Other benefits that have emerged so far include getting a better idea of what digitization project documentation is generated and what of that documentation needs to be preserved as well. It has also helped us to identify steps that would benefit from automation. For example, as the physical materials are handed off on their way to a vendor to be digitized, we must maintain a chain of custody for the content, so our metadata archivist created a database to more accurately track the items in real-time as they transition through the workflow. We have also gained better perspective on which tools we need that will have the biggest impact on streamlining the work using this workflow. It is becoming clear how much easier it will be to initiate digitization projects, now knowing exactly which avenues need to be traveled and what documentation is necessary. And developing a strong, tested infrastructure can be leveraged for increased funding for projects and acquisitions.

Beyond the workflow development, I am contributing to other projects such as evaluating a streaming audio access platform for the Lewis Music Library and compiling a PREMIS profile for MIT Libraries that can be used for digital audio. The evaluation, an activity of our new Digital Sustainability Lab, has been especially fascinating, as our team is a combined effort between the technological and organizational wings of the libraries, working together to define requirements and measure options against them.

We began by itemizing 50-60 delivery requirements, including relevant TRAC requirements (PDF), covering display and interface, search and discovery, accessibility, ingest and export, metadata, content management, permissions, documentation and other considerations. From there, our group prioritized the requirements on a scale from zero to four: “might be nice” to “showstopper/must-have.” We also kept in mind that while we are only focusing on audio streaming currently, the system should be extensible to audiovisual materials. Next, we will be measuring the platform options against our prioritized requirements to determine which one will be best suited to meet the needs of the Libraries now. For me, this has been one of the most important parts of the position, to facilitate meaningful access to these audio treasures.
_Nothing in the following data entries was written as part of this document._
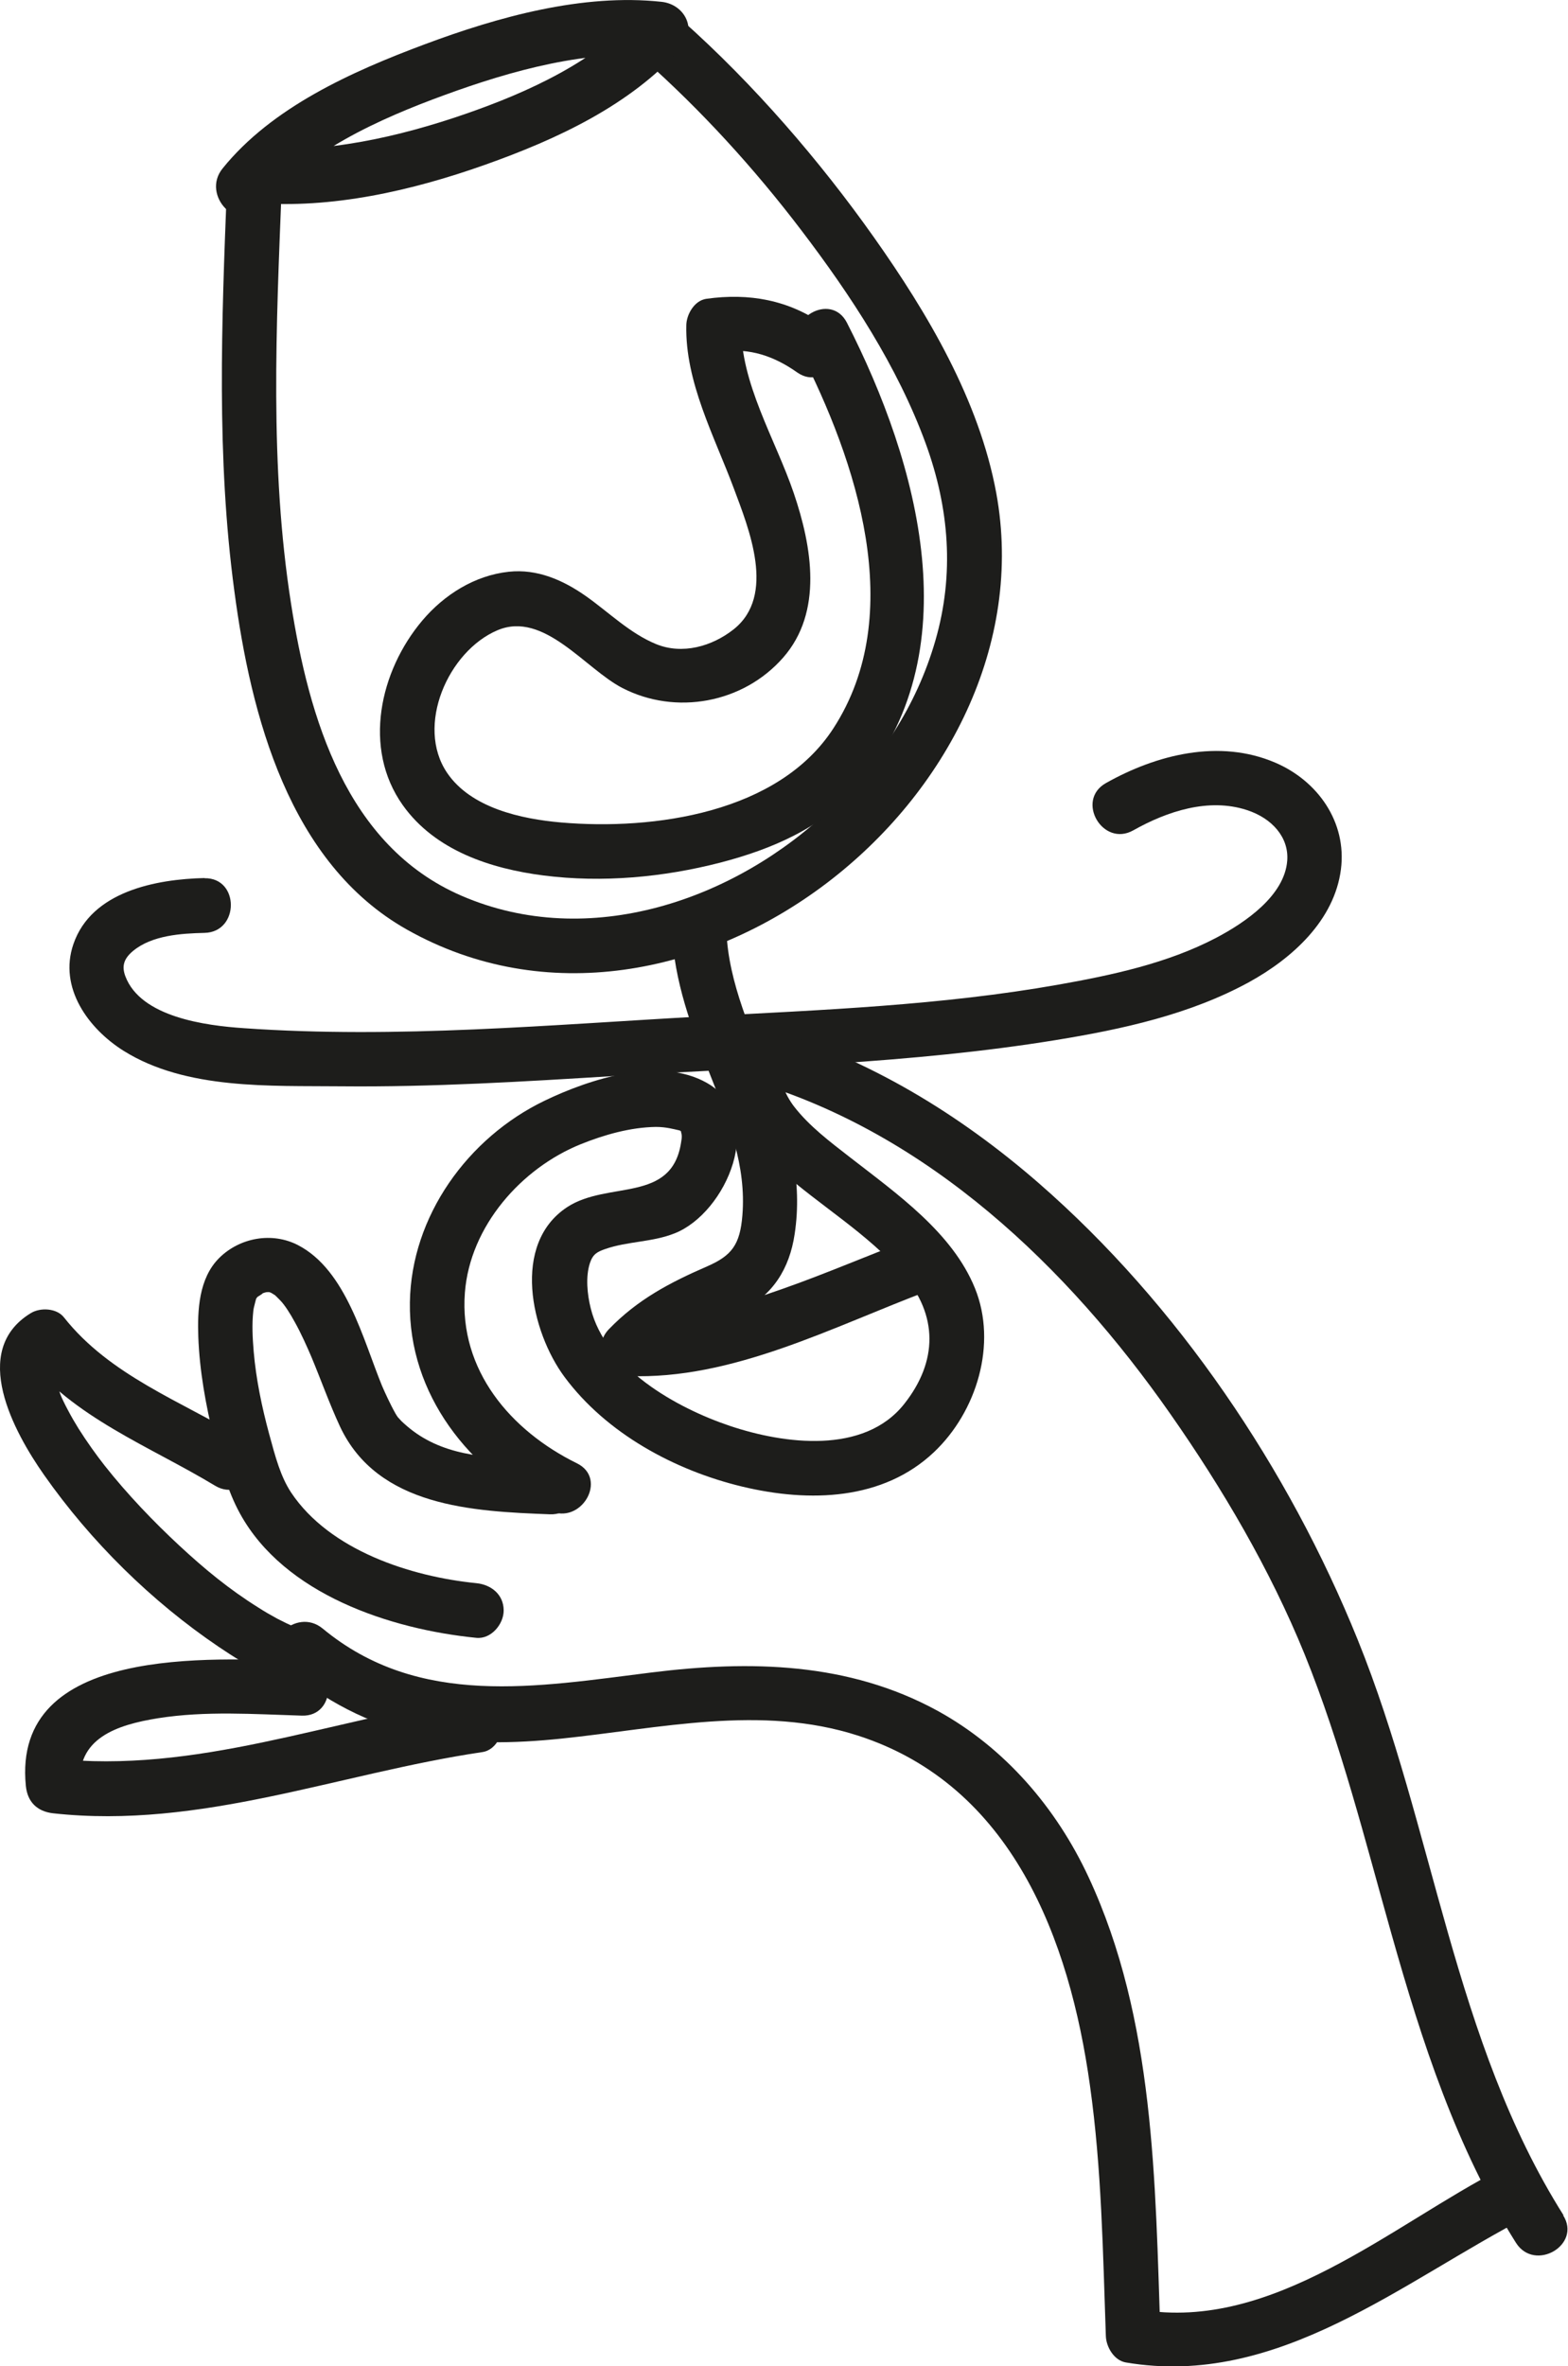 <?xml version="1.0" encoding="UTF-8"?>
<svg id="Ebene_1" data-name="Ebene 1" xmlns="http://www.w3.org/2000/svg" viewBox="0 0 86.11 129.87">
  <defs>
    <style>
      .cls-1 {
        fill: #1d1d1b;
        stroke-width: 0px;
      }
    </style>
  </defs>
  <path class="cls-1" d="M12.46,10.31c-.29,7.38-.58,14.79.41,22.13.91,6.84,3,14.93,9.48,18.58,15.18,8.55,35.43-7.31,32.36-23.97-.94-5.09-3.77-9.86-6.72-14.03s-6.58-8.39-10.55-11.92c-1.44-1.28-3.57.84-2.12,2.12,3.19,2.83,6.1,6.02,8.68,9.41,2.72,3.57,5.29,7.48,6.84,11.72,1.29,3.54,1.58,7.16.53,10.8s-3.09,6.66-5.72,9.19c-5.26,5.07-13.31,7.85-20.31,4.82-6.33-2.74-8.38-9.77-9.36-16.05-1.18-7.53-.81-15.22-.51-22.81.08-1.93-2.92-1.93-3,0h0Z"/>
  <path class="cls-1" d="M13.96,11.13c4.25.35,8.68-.67,12.66-2.08s7.98-3.27,10.77-6.39c.92-1.03.23-2.42-1.06-2.56-4.33-.47-8.98.83-13,2.33s-8.4,3.46-11.11,6.82c-1.2,1.49.91,3.63,2.12,2.12,2.46-3.05,6.5-4.85,10.09-6.16s7.91-2.55,11.9-2.11l-1.06-2.56c-2.52,2.82-6.25,4.52-9.76,5.73s-7.64,2.18-11.55,1.86c-1.92-.16-1.91,2.84,0,3h0Z"/>
  <path class="cls-1" d="M45.27,17.84c-1.96-1.38-4.13-1.77-6.48-1.44-.65.09-1.09.85-1.1,1.45-.07,3.11,1.54,6.09,2.6,8.93.84,2.25,2.34,5.9,0,7.76-1.19.94-2.82,1.4-4.26.81s-2.6-1.75-3.85-2.63-2.68-1.51-4.24-1.34c-1.87.2-3.55,1.26-4.75,2.68-2.33,2.76-3.29,7.01-1.07,10.13,1.77,2.49,4.83,3.49,7.74,3.86,3.22.41,6.57.1,9.71-.71,2.8-.73,5.55-1.89,7.48-4.12,6.33-7.31,3.4-17.8-.54-25.51-.88-1.72-3.47-.2-2.59,1.51,3.11,6.08,5.93,14.46,1.85,20.75-3.01,4.65-9.85,5.61-14.96,5.17-2.18-.19-4.95-.79-6.26-2.73-1.74-2.58.06-6.67,2.77-7.82,2.55-1.08,4.82,2.12,6.86,3.17,2.93,1.51,6.63.84,8.83-1.67s1.58-6.09.58-9.03-2.95-6.07-2.88-9.21l-1.1,1.45c1.56-.22,2.91.25,4.17,1.14,1.58,1.11,3.08-1.49,1.51-2.59h0Z"/>
  <path class="cls-1" d="M11.24,48.19c-2.67.06-6.22.73-7.21,3.63-.82,2.39.82,4.64,2.77,5.86,3.43,2.14,8.05,1.9,11.92,1.94,5.04.05,10.07-.26,15.09-.57,8.07-.49,16.2-.67,24.19-1.97,3.62-.59,7.35-1.4,10.6-3.18,2.36-1.3,4.68-3.38,5.04-6.19.33-2.59-1.27-4.85-3.6-5.85-3.07-1.32-6.52-.45-9.31,1.12-1.68.95-.17,3.54,1.51,2.59,1.85-1.04,4.13-1.8,6.24-1.11,1.38.45,2.31,1.5,2.21,2.78-.15,1.92-2.3,3.39-3.92,4.24-2.66,1.39-5.71,2.04-8.64,2.56-6.44,1.14-12.99,1.39-19.5,1.74-8.4.46-16.82,1.24-25.24.65-2.08-.14-5.67-.6-6.51-2.86-.19-.52-.11-.94.44-1.39,1.04-.85,2.63-.95,3.91-.98,1.93-.04,1.93-3.04,0-3h0Z"/>
  <path class="cls-1" d="M36.9,51.05c.11,2.8,1.08,5.37,2.1,7.94s1.99,5,1.77,7.71c-.13,1.61-.58,2.21-1.93,2.8-2.05.89-3.83,1.82-5.41,3.46-.92.96-.23,2.51,1.06,2.56,5.74.23,11.29-2.73,16.53-4.69,1.79-.67,1.02-3.57-.8-2.89-2.44.91-4.82,1.95-7.28,2.81-2.69.94-5.57,1.89-8.45,1.77l1.06,2.56c1.52-1.57,3.24-2.23,5.15-3.14,1.74-.83,2.66-2.32,2.94-4.21.44-2.89-.26-5.63-1.29-8.32s-2.35-5.42-2.46-8.35c-.08-1.92-3.08-1.93-3,0h0Z"/>
  <path class="cls-1" d="M85.87,121.59c-6.06-9.59-7.11-21.23-11.31-31.6-3.79-9.37-9.88-18.41-17.52-25.06-4.36-3.79-9.34-6.82-14.9-8.47-.84-.25-1.55.3-1.85,1.05-1.04,2.64.66,5.03,2.56,6.72,2.19,1.95,4.79,3.46,6.73,5.7s1.93,4.78.08,7.12c-2.21,2.8-6.62,2.2-9.57,1.21s-6.84-3.17-7.65-6.46c-.19-.75-.29-1.74-.04-2.49.17-.5.42-.61.84-.76,1.24-.43,2.58-.37,3.81-.86,2.84-1.12,5.1-6.35,1.78-8.25-2.58-1.48-6.45-.22-8.92.97-4.22,2.03-7.33,6.34-7.4,11.07-.08,5.05,3.27,9.26,7.66,11.42,1.73.85,3.25-1.74,1.51-2.59-3.64-1.79-6.47-5.11-6.15-9.36.28-3.66,3.11-6.84,6.36-8.15,1.29-.52,2.73-.93,4.13-.95.56,0,.97.12,1.29.19.14.03.14.23.06-.02.09.31.09.34.03.7-.52,3.33-4.01,2.07-6.25,3.53-3.08,2.02-1.99,6.84-.15,9.32,2.3,3.1,6.05,5.13,9.76,6.02s7.74.75,10.53-1.89c2.35-2.22,3.49-5.95,2.25-9s-4.27-5.17-6.87-7.19c-1.08-.84-2.23-1.7-3.07-2.79-.23-.3-.53-.81-.61-1.19-.02-.07-.06-.23-.03-.59-.02.21.15-.49.21-.64l-1.85,1.05c9.65,2.86,17.3,10.17,22.95,18.25,2.87,4.1,5.48,8.54,7.37,13.18,2.02,4.98,3.32,10.22,4.78,15.38,1.66,5.87,3.56,11.75,6.83,16.93,1.03,1.63,3.63.12,2.59-1.51h0Z"/>
  <path class="cls-1" d="M30.25,80.11c-2.25-.08-4.77.02-6.81-1.09-.52-.28-.97-.62-1.4-1.03-.02-.02-.32-.36-.18-.18.13.17-.1-.15-.13-.21-.29-.51-.6-1.19-.75-1.54-1.04-2.53-1.97-6.35-4.61-7.72-1.42-.74-3.2-.42-4.33.7s-1.2,2.89-1.15,4.34c.07,1.86.41,3.73.85,5.53.35,1.4.74,2.89,1.44,4.16,2.44,4.44,8.26,6.35,12.98,6.82.81.08,1.5-.75,1.5-1.5,0-.88-.69-1.42-1.5-1.5-3.61-.36-8.05-1.8-10.17-4.97-.58-.88-.86-1.93-1.21-3.22-.4-1.48-.72-3.01-.85-4.54-.06-.73-.1-1.47-.02-2.2.01-.13.04-.23.12-.55.02-.08.11-.37,0-.06.05-.15.34-.39.07-.16-.08.07.45-.26.3-.2.12-.05.25-.08.38-.1-.33.06-.07.01.02.03.24.04-.36-.09,0,0s-.3-.11.08.03c.05.02.38.25.11.04.14.11.26.24.39.37.24.24.55.72.82,1.22.34.61.66,1.33.9,1.89.53,1.27.99,2.57,1.57,3.82,2.07,4.41,7.29,4.66,11.53,4.82,1.93.07,1.93-2.93,0-3h0Z"/>
  <path class="cls-1" d="M13.35,78.95c-3.4-2.05-7.31-3.45-9.84-6.65-.4-.51-1.3-.55-1.82-.23-3.38,2.06-.92,6.53.73,8.88,2.57,3.66,5.9,6.94,9.6,9.44,1.58,1.07,3.39,2.12,5.33,2.22s1.92-2.89,0-3c-.41-.02.18.06-.08,0-.14-.03-.27-.06-.41-.09-.3-.08-.6-.19-.89-.31.29.12-.15-.08-.24-.12-.17-.08-.33-.17-.5-.25-.35-.19-.7-.39-1.04-.61-1.6-1-2.95-2.11-4.35-3.41s-2.85-2.81-4.09-4.38c-.45-.57-1-1.34-1.44-2.04-.2-.32-.39-.65-.57-.99-.09-.17-.18-.34-.26-.51-.1-.2-.18-.42-.14-.31-.13-.34-.23-.68-.32-1.03-.02-.07-.03-.14-.04-.21-.04-.19.01.32,0,.04,0-.14,0-.29,0-.43,0-.13.08-.24.2-.31l-1.82-.23c2.7,3.41,6.84,4.94,10.45,7.12,1.66,1,3.17-1.59,1.51-2.59h0Z"/>
  <path class="cls-1" d="M16.58,91.17c-4.92-.16-15.94-.9-15.16,6.85.09.88.62,1.4,1.5,1.5,8.11.89,15.67-2.19,23.57-3.36.81-.12,1.24-1.13,1.05-1.85-.23-.86-1.05-1.17-1.85-1.05-7.64,1.13-14.92,4.12-22.77,3.25l1.5,1.5c-.26-2.61,2.01-3.35,4.27-3.71,2.6-.41,5.27-.22,7.89-.14,1.93.06,1.93-2.94,0-3h0Z"/>
  <path class="cls-1" d="M15.61,91.5c2.17,1.8,4.62,3.14,7.41,3.72,2.58.53,5.21.47,7.82.2,5.41-.56,10.96-1.88,16.29-.16,8.44,2.73,11.61,11.16,12.73,19.22.64,4.55.71,9.15.87,13.73.02.6.45,1.34,1.1,1.45,8.37,1.42,15.17-4.46,22.14-8.05,1.72-.88.2-3.47-1.51-2.59-6.02,3.09-12.57,8.97-19.83,7.74l1.1,1.45c-.29-8.44-.31-17.38-3.95-25.19-1.77-3.8-4.6-7.1-8.3-9.13-4.89-2.67-10.29-2.77-15.69-2.1-6.28.78-12.77,1.98-18.07-2.41-1.48-1.22-3.61.89-2.12,2.12h0Z"/>
</svg>

The residencies expand beyond the work at our institutions, however. All of the residents have been organizing tours, demonstrations and classes for one another. In December, I arranged for some of the NDSR-Boston crew to go on a behind-the-scenes tour of the John F. Kennedy Library and Museum, home to a renowned digitization program. This spring, another resident (Joey Heinen) and I are partnering to host a digital audio panel with speakers from some of the host institutions that will hopefully be beneficial to external audiences in the area grappling with common preservation concerns.

The residency will be over before I know it. In the upcoming months, I will wrap up the workflow documentation on the digital sequence, continue work on peripheral extant projects that are ongoing, and attend a couple of conferences to talk about our work. Building these models has been fun and intensely educational – and sharing it with the community will be truly rewarding.